The reason is that people have know for centuries that tongue cleaners are a good way to get
rid of bad breath. The reason for this is that over seventy percent of the odors in
the mouth come from bacteria on the tongue. The layer of bacteria on the tongue includes
mucus and food remnants and the bacteria are able to break these down and cause volatile
odors in the mouth. However, many people buy tongue cleaners and then don’t know how to
use them. First of all, I’d like to recommend plastic ones that are not brittle, that are
a bit flexible, and I don’t recommend metal ones because they can damage your tongue.
It’s very important, whatever you do, not to traumatize your tongue, not to injure it.
We’re talking about just removing the top mucus layer from the tongue. However, it’s
not enough just to clean the front of your tongue. This is not going to be very helpful,
whether you use a toothbrush or a tongue cleaner. What you have to is get back all the way towards
your throat and clean it in this manner to get at the bacteria and mucus that cause the
odor. Okay, it’s unpleasant. It does take some practice. You have to overcome the gagging
reflex. But this is one of the most efficient ways to get rid of bad breath. And you see
here, (the material that comes out) is a combination of mucus, postnasal drip and bacteria from
the very back of the tongue. It smells (take my word for it), and it’s the smell that most
people suffer from. So if you want to smell well, listen to Dr. Mel and clean the back
of your tongue gently, with a good plastic tongue cleaner.

12 thoughts on “How to Use a Tongue Cleaner by Dr. Mel Rosenberg”

  1. when you say the back of the tongue, do you stick the tongue cleaner as far back as the bumps at the back of the tongue or not quite that far back?

  2. well you saw how far back he put that thing. that thing almost completely disappeared down his throat. so you actually have to go past those bumps i guess. sucks cause I have a really bad gag reflex

  3. Probably every 3 to 4 months,similar to when you should replace tooth brushes. Many tooth brushes have scrappers nowadays so you could replace both at the same time.

  4. Hello dr Mel,  do you have any advice for smell that comes out from the nose?  I have started to rinse my nose with salt water now few weeks but the a horrible smell still comes out from my nose.  I do wonder if that smell comes from my throat to my nose.

  5. I'm not a doctor but I don't recommend scraping from all the way back of your tongue, don't scrape scrape the circumvallate papillae, it can damage them.

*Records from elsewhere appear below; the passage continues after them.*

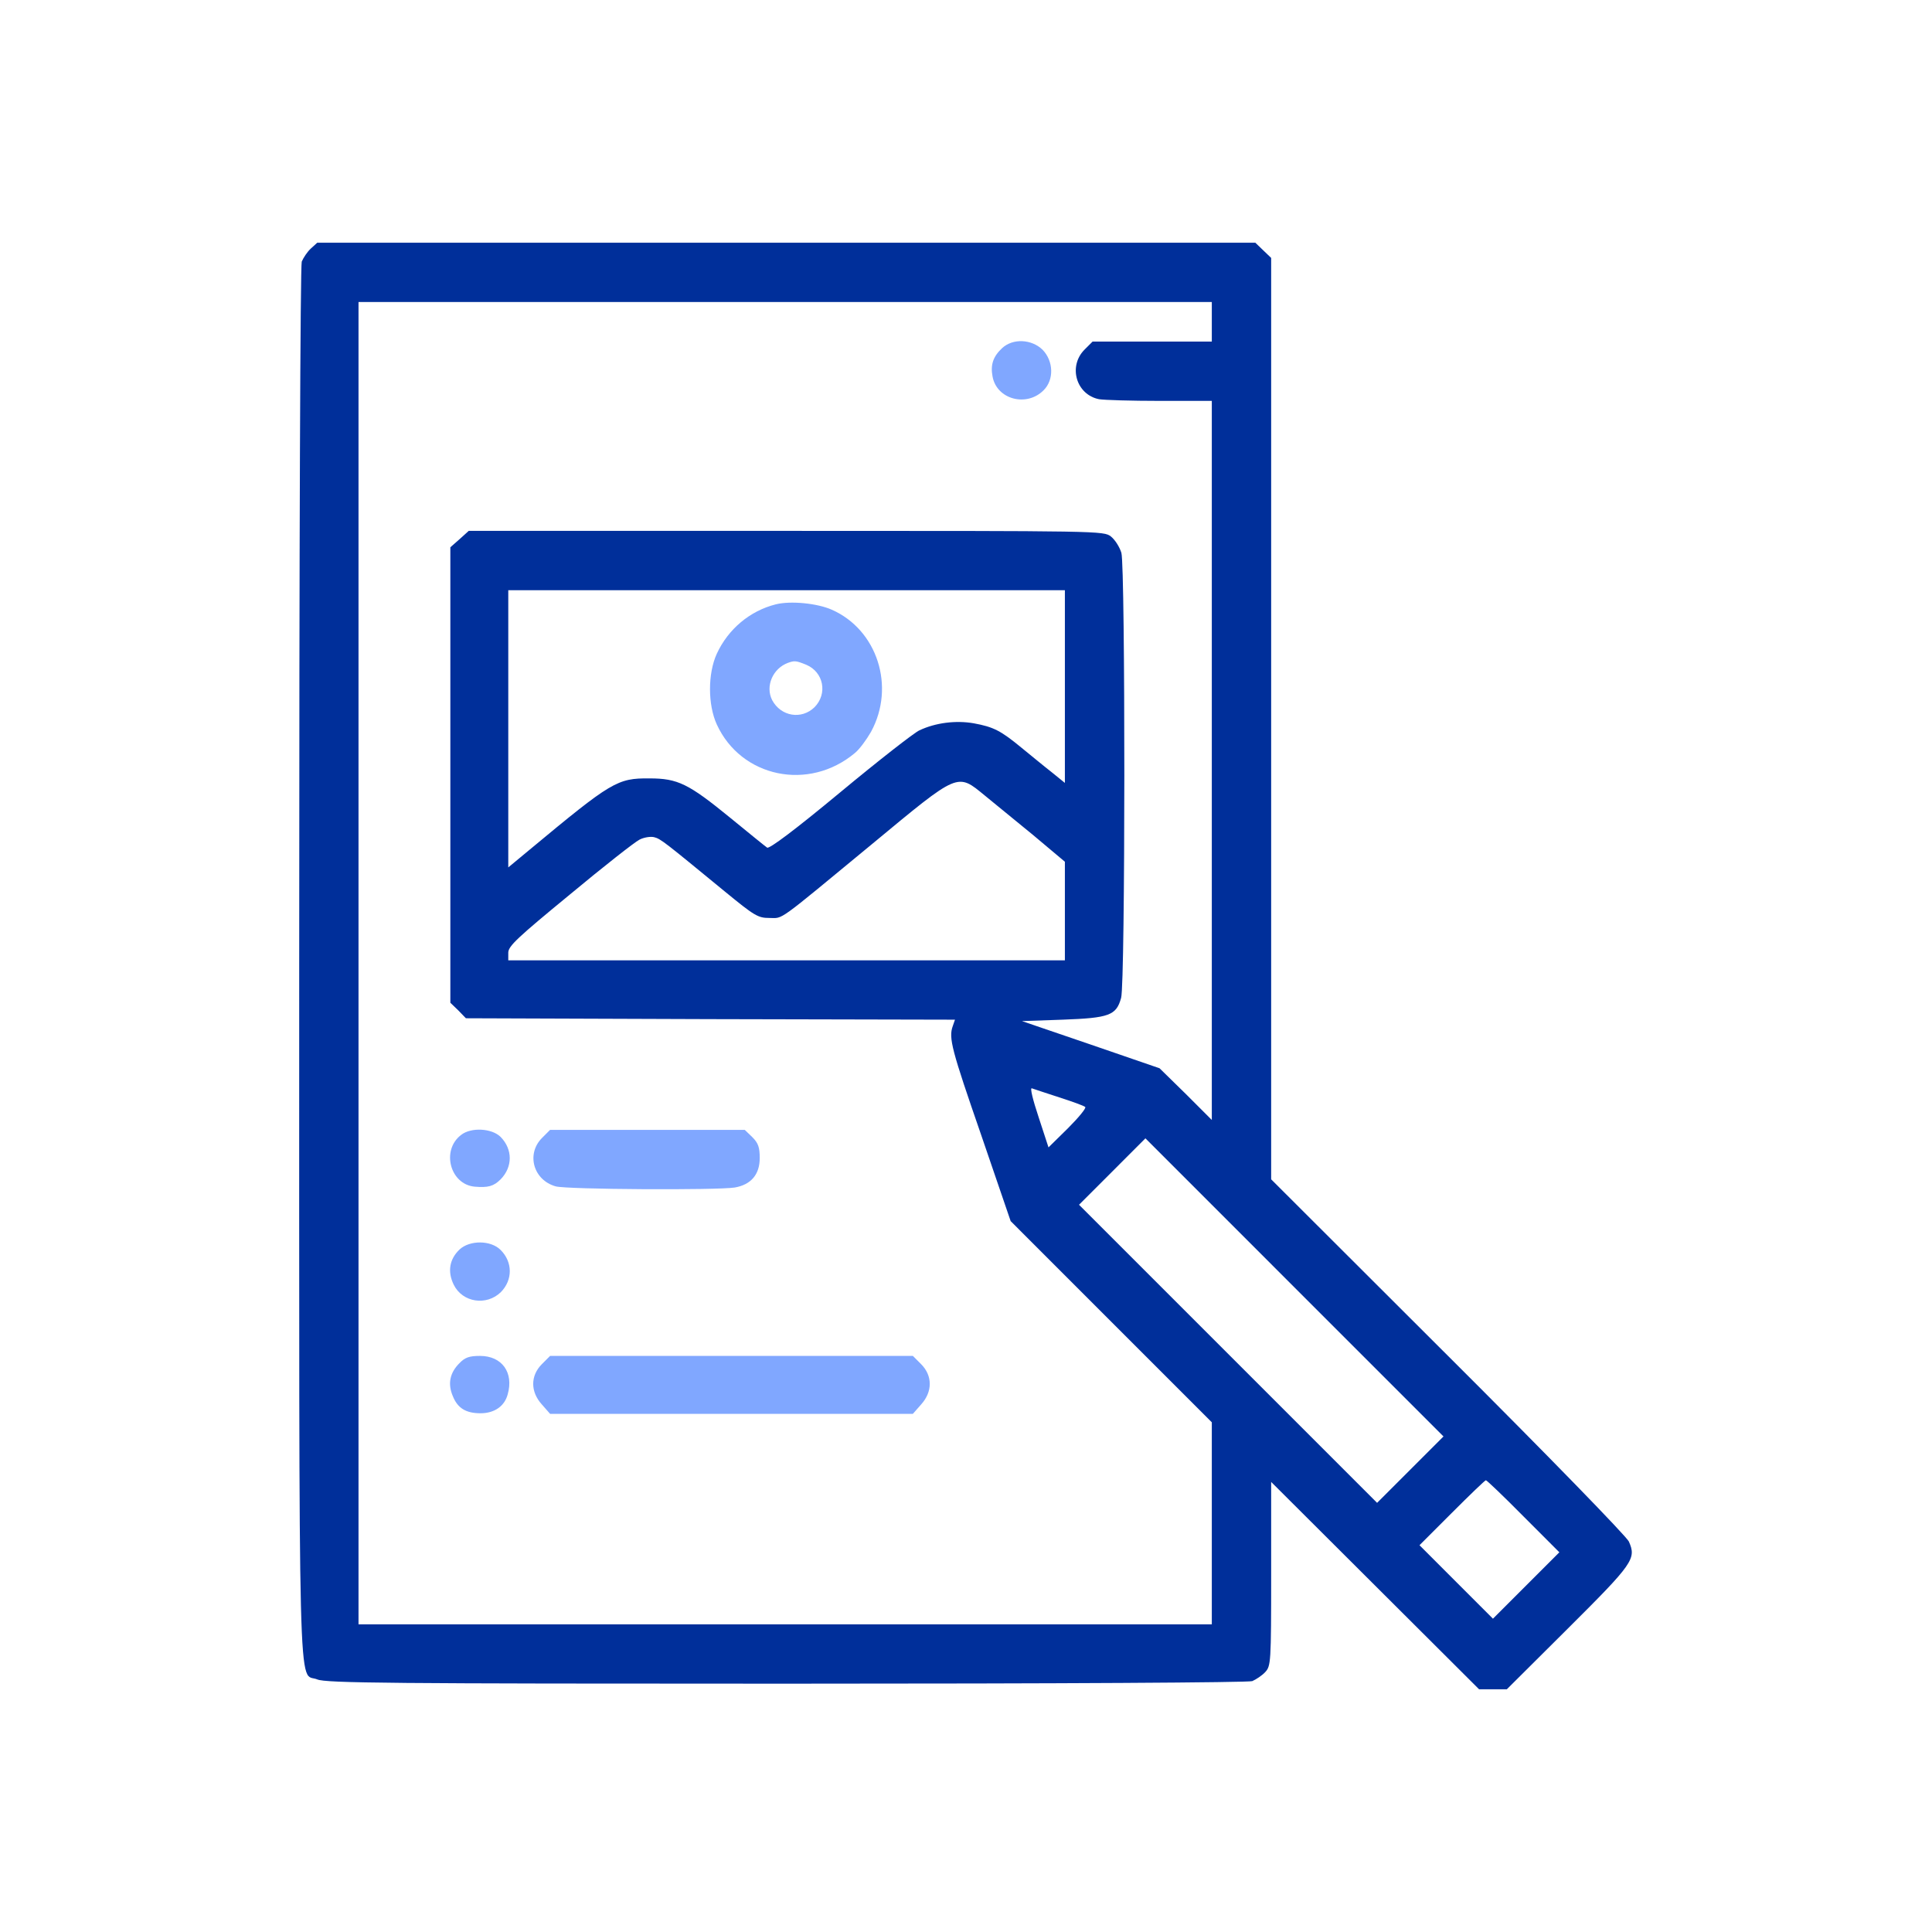 <svg width="60" height="60" viewBox="0 0 60 60" fill="none" xmlns="http://www.w3.org/2000/svg">
<g clip-path="url(#clip0_7745_80561)">
<path d="M9.651 7.721C9.546 7.817 9.423 8.002 9.371 8.124C9.327 8.256 9.292 16.671 9.292 29.877C9.292 53.709 9.248 51.902 9.853 52.156C10.125 52.27 12.1 52.288 24.419 52.288C33.089 52.288 38.757 52.253 38.889 52.209C39.012 52.156 39.196 52.033 39.293 51.928C39.468 51.735 39.477 51.647 39.477 48.874V46.023L42.706 49.243L45.935 52.463H46.365H46.795L48.699 50.568C50.726 48.55 50.823 48.409 50.586 47.874C50.515 47.716 48.085 45.215 44.97 42.109L39.477 36.625V22.313V8.01L39.231 7.774L38.985 7.537H24.419H9.853L9.651 7.721ZM37.634 9.994V10.608H35.783H33.931L33.677 10.862C33.168 11.38 33.422 12.257 34.133 12.398C34.291 12.424 35.133 12.45 36.02 12.45H37.634V23.612V34.782L36.827 33.975L36.011 33.176L33.87 32.439L31.738 31.711L33.001 31.667C34.449 31.614 34.668 31.535 34.817 30.991C34.949 30.535 34.949 17.619 34.826 17.171C34.774 16.996 34.633 16.768 34.502 16.662C34.273 16.487 34.212 16.487 24.419 16.487H14.557L14.276 16.741L13.986 16.996V24.068V31.141L14.232 31.378L14.469 31.623L22.068 31.65L29.658 31.667L29.588 31.869C29.456 32.237 29.553 32.597 30.474 35.256L31.387 37.923L34.51 41.047L37.634 44.171V47.312V50.445H24.384H11.134V29.912V9.379H24.384H37.634V9.994ZM33.071 21.322V24.314L32.659 23.98C32.422 23.796 32.01 23.454 31.729 23.226C31.079 22.691 30.86 22.576 30.237 22.462C29.684 22.366 29.052 22.445 28.552 22.682C28.394 22.752 27.28 23.621 26.087 24.612C24.691 25.77 23.884 26.376 23.823 26.323C23.77 26.288 23.252 25.867 22.673 25.393C21.383 24.34 21.05 24.174 20.172 24.174C19.172 24.165 18.997 24.27 16.452 26.385L15.785 26.938V22.638V18.329H24.428H33.071V21.322ZM30.588 24.709C30.869 24.937 31.544 25.49 32.089 25.937L33.071 26.762V28.289V29.824H24.428H15.785V29.579C15.794 29.377 16.075 29.114 17.698 27.78C18.742 26.911 19.716 26.148 19.857 26.078C19.988 26.007 20.199 25.972 20.313 25.999C20.523 26.051 20.646 26.157 22.506 27.683C23.437 28.447 23.542 28.508 23.893 28.508C24.34 28.508 24.068 28.701 27.087 26.209C29.798 23.963 29.719 23.998 30.588 24.709ZM32.896 34.08C33.308 34.212 33.668 34.343 33.703 34.379C33.738 34.414 33.501 34.703 33.168 35.037L32.562 35.633L32.255 34.694C32.071 34.142 31.983 33.773 32.045 33.799C32.106 33.817 32.483 33.949 32.896 34.08ZM43.803 45.636L42.767 46.672L38.143 42.048L33.51 37.415L34.537 36.388L35.572 35.352L40.196 39.977L44.829 44.61L43.803 45.636ZM47.313 47.093L48.427 48.208L47.392 49.243L46.365 50.27L45.224 49.129L44.084 47.988L45.093 46.979C45.645 46.426 46.119 45.97 46.146 45.97C46.172 45.97 46.698 46.47 47.313 47.093Z" fill="#002F9A"/>
<path d="M31.123 10.81C30.842 11.073 30.755 11.327 30.825 11.696C30.956 12.407 31.887 12.652 32.413 12.117C32.738 11.792 32.72 11.213 32.378 10.862C32.036 10.529 31.457 10.502 31.123 10.81Z" fill="#80A7FF"/>
<path d="M14.319 35.247C13.696 35.721 13.977 36.783 14.741 36.853C15.153 36.888 15.329 36.844 15.548 36.625C15.925 36.239 15.925 35.695 15.548 35.309C15.276 35.037 14.627 35.002 14.319 35.247Z" fill="#80A7FF"/>
<path d="M16.829 35.344C16.337 35.844 16.566 36.651 17.259 36.844C17.61 36.941 22.269 36.967 22.822 36.879C23.322 36.791 23.594 36.476 23.594 35.967C23.594 35.633 23.55 35.502 23.366 35.317L23.129 35.089H20.11H17.083L16.829 35.344Z" fill="#80A7FF"/>
<path d="M14.275 38.801C13.96 39.099 13.889 39.486 14.091 39.898C14.363 40.451 15.109 40.565 15.557 40.126C15.925 39.749 15.925 39.196 15.548 38.819C15.241 38.511 14.591 38.511 14.275 38.801Z" fill="#80A7FF"/>
<path d="M14.266 42.337C13.968 42.636 13.898 42.978 14.065 43.364C14.214 43.732 14.468 43.89 14.924 43.89C15.354 43.89 15.67 43.671 15.767 43.303C15.96 42.627 15.591 42.109 14.907 42.109C14.582 42.109 14.442 42.153 14.266 42.337Z" fill="#80A7FF"/>
<path d="M16.829 42.364C16.469 42.723 16.469 43.223 16.829 43.618L17.083 43.908H22.717H28.35L28.605 43.618C28.964 43.223 28.964 42.723 28.605 42.364L28.35 42.109H22.717H17.083L16.829 42.364Z" fill="#80A7FF"/>
<path d="M24.094 18.768C23.287 18.97 22.611 19.54 22.26 20.304C21.98 20.918 21.98 21.883 22.26 22.497C23.015 24.147 25.121 24.586 26.551 23.384C26.692 23.27 26.911 22.971 27.051 22.726C27.815 21.322 27.244 19.558 25.832 18.935C25.375 18.733 24.551 18.654 24.094 18.768ZM25.042 20.646C25.577 20.874 25.709 21.541 25.297 21.962C24.893 22.357 24.252 22.252 23.98 21.743C23.761 21.313 23.998 20.76 24.472 20.585C24.674 20.514 24.717 20.514 25.042 20.646Z" fill="#80A7FF"/>
</g>
<defs>
<clipPath id="clip0_7745_80561">
<rect width="44.927" height="44.927" fill="white" transform="translate(7.537 7.537)"/>
</clipPath>
</defs>
</svg>

And in my case when I scrape near the circumvallate area causes post nasal drip, everyone has coating on back of their tongue's, it's the filiform papillae. Abrasion on tongue causes the filiform papillae to grow longer by the build up of protein called keratin(which our hairs and nails are made from), so when you scrape your tongue hard and frequently your tongue will grow more of these hairlike projections and make your breath problem worse.